Source records
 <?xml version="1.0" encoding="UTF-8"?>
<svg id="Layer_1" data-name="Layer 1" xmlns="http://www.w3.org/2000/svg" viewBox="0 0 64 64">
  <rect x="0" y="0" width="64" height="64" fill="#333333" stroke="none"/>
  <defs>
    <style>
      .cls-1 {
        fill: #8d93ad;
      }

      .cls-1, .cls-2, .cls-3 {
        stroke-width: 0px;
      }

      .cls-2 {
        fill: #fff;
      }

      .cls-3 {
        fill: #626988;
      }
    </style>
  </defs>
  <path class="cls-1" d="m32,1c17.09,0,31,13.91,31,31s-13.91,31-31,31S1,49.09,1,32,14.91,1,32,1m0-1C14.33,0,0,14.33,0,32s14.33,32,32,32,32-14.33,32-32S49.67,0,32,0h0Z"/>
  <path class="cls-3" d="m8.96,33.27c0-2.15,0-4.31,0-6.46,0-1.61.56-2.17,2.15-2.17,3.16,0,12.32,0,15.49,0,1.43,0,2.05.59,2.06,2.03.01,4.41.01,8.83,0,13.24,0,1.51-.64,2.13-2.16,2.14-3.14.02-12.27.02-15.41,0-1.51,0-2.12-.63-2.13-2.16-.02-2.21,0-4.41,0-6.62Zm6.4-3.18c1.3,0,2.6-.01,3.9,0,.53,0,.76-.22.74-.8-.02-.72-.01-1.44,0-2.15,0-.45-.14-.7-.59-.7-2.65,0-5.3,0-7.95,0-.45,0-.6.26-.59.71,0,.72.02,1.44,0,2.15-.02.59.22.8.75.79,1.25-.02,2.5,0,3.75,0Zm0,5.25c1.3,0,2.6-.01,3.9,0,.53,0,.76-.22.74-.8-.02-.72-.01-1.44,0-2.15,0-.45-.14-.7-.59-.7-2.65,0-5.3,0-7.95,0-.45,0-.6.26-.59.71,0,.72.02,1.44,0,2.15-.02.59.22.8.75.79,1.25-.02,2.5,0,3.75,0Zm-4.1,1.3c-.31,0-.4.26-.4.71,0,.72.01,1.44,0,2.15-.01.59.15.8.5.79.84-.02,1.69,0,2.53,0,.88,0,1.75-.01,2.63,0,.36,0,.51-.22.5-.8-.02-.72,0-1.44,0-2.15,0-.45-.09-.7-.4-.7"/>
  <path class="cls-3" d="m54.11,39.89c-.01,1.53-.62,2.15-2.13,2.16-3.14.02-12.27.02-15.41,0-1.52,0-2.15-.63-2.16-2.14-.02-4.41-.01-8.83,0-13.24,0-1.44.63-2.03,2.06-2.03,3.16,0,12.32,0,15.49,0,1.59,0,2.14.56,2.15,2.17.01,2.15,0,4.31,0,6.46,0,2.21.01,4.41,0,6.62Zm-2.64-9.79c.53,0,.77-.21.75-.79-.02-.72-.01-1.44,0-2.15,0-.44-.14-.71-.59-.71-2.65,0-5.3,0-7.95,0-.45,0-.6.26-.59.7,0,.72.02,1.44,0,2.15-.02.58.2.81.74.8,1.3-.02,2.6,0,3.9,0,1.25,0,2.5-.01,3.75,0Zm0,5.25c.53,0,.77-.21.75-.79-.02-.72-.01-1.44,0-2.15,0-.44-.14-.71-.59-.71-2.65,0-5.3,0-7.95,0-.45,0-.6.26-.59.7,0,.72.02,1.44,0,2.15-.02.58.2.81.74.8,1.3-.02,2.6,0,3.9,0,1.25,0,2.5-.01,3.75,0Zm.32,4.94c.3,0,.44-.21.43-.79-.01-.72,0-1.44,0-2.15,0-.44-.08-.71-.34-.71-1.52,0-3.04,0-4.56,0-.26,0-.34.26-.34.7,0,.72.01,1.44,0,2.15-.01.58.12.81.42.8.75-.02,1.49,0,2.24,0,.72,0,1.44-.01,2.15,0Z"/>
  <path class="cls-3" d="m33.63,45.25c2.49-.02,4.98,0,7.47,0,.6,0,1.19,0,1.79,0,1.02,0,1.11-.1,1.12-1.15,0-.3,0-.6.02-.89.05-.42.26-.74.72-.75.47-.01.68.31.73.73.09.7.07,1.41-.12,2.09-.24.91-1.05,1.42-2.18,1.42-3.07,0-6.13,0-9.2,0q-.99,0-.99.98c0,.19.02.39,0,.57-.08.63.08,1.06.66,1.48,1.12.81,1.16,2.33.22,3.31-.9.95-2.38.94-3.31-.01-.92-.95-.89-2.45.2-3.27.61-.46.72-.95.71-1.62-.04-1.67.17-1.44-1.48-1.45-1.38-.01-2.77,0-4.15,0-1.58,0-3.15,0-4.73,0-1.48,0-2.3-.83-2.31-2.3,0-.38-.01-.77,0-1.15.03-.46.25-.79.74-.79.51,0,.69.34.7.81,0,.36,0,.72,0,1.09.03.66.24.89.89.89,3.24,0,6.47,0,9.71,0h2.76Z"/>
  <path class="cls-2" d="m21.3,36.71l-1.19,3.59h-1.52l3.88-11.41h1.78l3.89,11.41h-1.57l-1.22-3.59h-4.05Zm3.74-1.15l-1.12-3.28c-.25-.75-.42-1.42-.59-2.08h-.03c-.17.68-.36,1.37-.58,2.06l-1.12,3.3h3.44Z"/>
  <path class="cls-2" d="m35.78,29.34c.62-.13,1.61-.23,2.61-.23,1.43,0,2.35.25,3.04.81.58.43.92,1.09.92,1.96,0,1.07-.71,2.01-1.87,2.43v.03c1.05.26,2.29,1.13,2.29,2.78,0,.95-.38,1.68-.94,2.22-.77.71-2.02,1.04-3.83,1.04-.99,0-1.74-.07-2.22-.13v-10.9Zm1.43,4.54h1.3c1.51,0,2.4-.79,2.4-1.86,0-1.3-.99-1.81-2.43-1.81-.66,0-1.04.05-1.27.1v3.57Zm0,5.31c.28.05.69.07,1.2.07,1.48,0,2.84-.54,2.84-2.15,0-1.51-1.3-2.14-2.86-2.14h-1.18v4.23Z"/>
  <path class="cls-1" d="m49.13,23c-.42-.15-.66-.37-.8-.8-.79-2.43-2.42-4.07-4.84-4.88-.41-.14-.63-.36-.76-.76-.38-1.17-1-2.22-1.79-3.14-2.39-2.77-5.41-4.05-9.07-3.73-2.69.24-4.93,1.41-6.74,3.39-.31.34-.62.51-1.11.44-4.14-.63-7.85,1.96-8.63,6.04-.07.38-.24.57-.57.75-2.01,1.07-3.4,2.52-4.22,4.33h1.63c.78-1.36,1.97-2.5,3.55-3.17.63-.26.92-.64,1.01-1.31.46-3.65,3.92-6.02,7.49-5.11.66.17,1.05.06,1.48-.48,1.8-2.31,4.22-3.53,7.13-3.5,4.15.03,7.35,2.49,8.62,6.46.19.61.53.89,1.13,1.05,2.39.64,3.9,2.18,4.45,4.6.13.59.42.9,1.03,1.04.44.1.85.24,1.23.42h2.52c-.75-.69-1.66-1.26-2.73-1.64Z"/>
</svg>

▸ **EXERCISE GOAL**: A word-for-word restatement of every record above is expected.

▸ **YOUR SOLUTION**:
 <?xml version="1.0" encoding="UTF-8"?>
<svg id="Layer_1" data-name="Layer 1" xmlns="http://www.w3.org/2000/svg" viewBox="0 0 64 64">
  <rect x="0" y="0" width="64" height="64" fill="#333333" stroke="none"/>
  <defs>
    <style>
      .cls-1 {
        fill: #8d93ad;
      }

      .cls-1, .cls-2, .cls-3 {
        stroke-width: 0px;
      }

      .cls-2 {
        fill: #fff;
      }

      .cls-3 {
        fill: #626988;
      }
    </style>
  </defs>
  <path class="cls-1" d="m32,1c17.09,0,31,13.91,31,31s-13.91,31-31,31S1,49.09,1,32,14.91,1,32,1m0-1C14.33,0,0,14.33,0,32s14.33,32,32,32,32-14.33,32-32S49.67,0,32,0h0Z"/>
  <path class="cls-3" d="m8.96,33.27c0-2.15,0-4.31,0-6.46,0-1.61.56-2.17,2.15-2.17,3.16,0,12.32,0,15.49,0,1.43,0,2.05.59,2.06,2.03.01,4.41.01,8.83,0,13.24,0,1.51-.64,2.13-2.16,2.14-3.14.02-12.27.02-15.41,0-1.51,0-2.12-.63-2.13-2.16-.02-2.21,0-4.41,0-6.62Zm6.4-3.18c1.3,0,2.6-.01,3.9,0,.53,0,.76-.22.74-.8-.02-.72-.01-1.44,0-2.15,0-.45-.14-.7-.59-.7-2.65,0-5.3,0-7.95,0-.45,0-.6.26-.59.71,0,.72.02,1.44,0,2.15-.02.59.22.8.75.79,1.25-.02,2.5,0,3.75,0Zm0,5.25c1.3,0,2.6-.01,3.9,0,.53,0,.76-.22.74-.8-.02-.72-.01-1.44,0-2.15,0-.45-.14-.7-.59-.7-2.65,0-5.3,0-7.95,0-.45,0-.6.26-.59.71,0,.72.02,1.44,0,2.15-.02.59.22.8.75.79,1.25-.02,2.5,0,3.75,0Zm-4.1,1.3c-.31,0-.4.26-.4.71,0,.72.01,1.44,0,2.15-.01.59.15.8.5.79.84-.02,1.69,0,2.53,0,.88,0,1.75-.01,2.63,0,.36,0,.51-.22.5-.8-.02-.72,0-1.44,0-2.15,0-.45-.09-.7-.4-.7"/>
  <path class="cls-3" d="m54.11,39.89c-.01,1.53-.62,2.15-2.13,2.16-3.14.02-12.27.02-15.41,0-1.52,0-2.15-.63-2.16-2.14-.02-4.41-.01-8.83,0-13.24,0-1.44.63-2.03,2.06-2.03,3.16,0,12.32,0,15.49,0,1.59,0,2.14.56,2.15,2.17.01,2.15,0,4.31,0,6.46,0,2.21.01,4.41,0,6.62Zm-2.64-9.79c.53,0,.77-.21.75-.79-.02-.72-.01-1.44,0-2.15,0-.44-.14-.71-.59-.71-2.65,0-5.3,0-7.95,0-.45,0-.6.26-.59.7,0,.72.02,1.44,0,2.15-.02.58.2.81.74.8,1.3-.02,2.6,0,3.9,0,1.25,0,2.5-.01,3.75,0Zm0,5.25c.53,0,.77-.21.75-.79-.02-.72-.01-1.44,0-2.15,0-.44-.14-.71-.59-.71-2.65,0-5.3,0-7.95,0-.45,0-.6.26-.59.7,0,.72.02,1.44,0,2.15-.02.58.2.81.74.8,1.3-.02,2.6,0,3.9,0,1.25,0,2.5-.01,3.75,0Zm.32,4.94c.3,0,.44-.21.43-.79-.01-.72,0-1.44,0-2.15,0-.44-.08-.71-.34-.71-1.52,0-3.04,0-4.56,0-.26,0-.34.26-.34.7,0,.72.01,1.44,0,2.15-.01.58.12.81.42.8.75-.02,1.49,0,2.24,0,.72,0,1.44-.01,2.15,0Z"/>
  <path class="cls-3" d="m33.63,45.25c2.49-.02,4.98,0,7.47,0,.6,0,1.19,0,1.79,0,1.02,0,1.11-.1,1.12-1.15,0-.3,0-.6.02-.89.05-.42.26-.74.72-.75.47-.01.68.31.73.73.09.7.07,1.41-.12,2.09-.24.91-1.05,1.42-2.18,1.42-3.07,0-6.13,0-9.2,0q-.99,0-.99.98c0,.19.02.39,0,.57-.08.63.08,1.06.66,1.48,1.12.81,1.16,2.33.22,3.31-.9.95-2.38.94-3.31-.01-.92-.95-.89-2.45.2-3.27.61-.46.72-.95.71-1.62-.04-1.67.17-1.44-1.48-1.45-1.38-.01-2.77,0-4.15,0-1.58,0-3.15,0-4.73,0-1.48,0-2.3-.83-2.31-2.3,0-.38-.01-.77,0-1.15.03-.46.25-.79.74-.79.51,0,.69.34.7.81,0,.36,0,.72,0,1.09.03.66.24.89.89.89,3.24,0,6.47,0,9.71,0h2.76Z"/>
  <path class="cls-2" d="m21.3,36.71l-1.19,3.59h-1.52l3.88-11.41h1.78l3.89,11.41h-1.57l-1.22-3.59h-4.05Zm3.74-1.15l-1.12-3.28c-.25-.75-.42-1.42-.59-2.08h-.03c-.17.68-.36,1.37-.58,2.06l-1.12,3.3h3.44Z"/>
  <path class="cls-2" d="m35.78,29.34c.62-.13,1.61-.23,2.61-.23,1.43,0,2.35.25,3.04.81.58.43.92,1.09.92,1.96,0,1.07-.71,2.01-1.87,2.43v.03c1.05.26,2.29,1.13,2.29,2.78,0,.95-.38,1.68-.94,2.22-.77.71-2.02,1.04-3.83,1.04-.99,0-1.74-.07-2.22-.13v-10.9Zm1.43,4.54h1.3c1.51,0,2.4-.79,2.4-1.86,0-1.3-.99-1.81-2.43-1.81-.66,0-1.04.05-1.27.1v3.57Zm0,5.31c.28.05.69.07,1.2.07,1.48,0,2.84-.54,2.84-2.15,0-1.51-1.3-2.14-2.86-2.14h-1.18v4.23Z"/>
  <path class="cls-1" d="m49.13,23c-.42-.15-.66-.37-.8-.8-.79-2.43-2.42-4.07-4.84-4.88-.41-.14-.63-.36-.76-.76-.38-1.17-1-2.22-1.79-3.14-2.39-2.77-5.41-4.05-9.07-3.73-2.69.24-4.93,1.41-6.74,3.39-.31.34-.62.51-1.11.44-4.14-.63-7.85,1.96-8.63,6.04-.07.38-.24.57-.57.75-2.01,1.07-3.4,2.52-4.22,4.33h1.63c.78-1.36,1.97-2.5,3.55-3.17.63-.26.92-.64,1.01-1.31.46-3.65,3.92-6.02,7.49-5.11.66.17,1.05.06,1.48-.48,1.8-2.31,4.22-3.53,7.13-3.5,4.15.03,7.35,2.49,8.62,6.46.19.61.53.89,1.13,1.05,2.39.64,3.9,2.18,4.45,4.6.13.59.42.9,1.03,1.04.44.1.85.24,1.23.42h2.52c-.75-.69-1.66-1.26-2.73-1.64Z"/>
</svg>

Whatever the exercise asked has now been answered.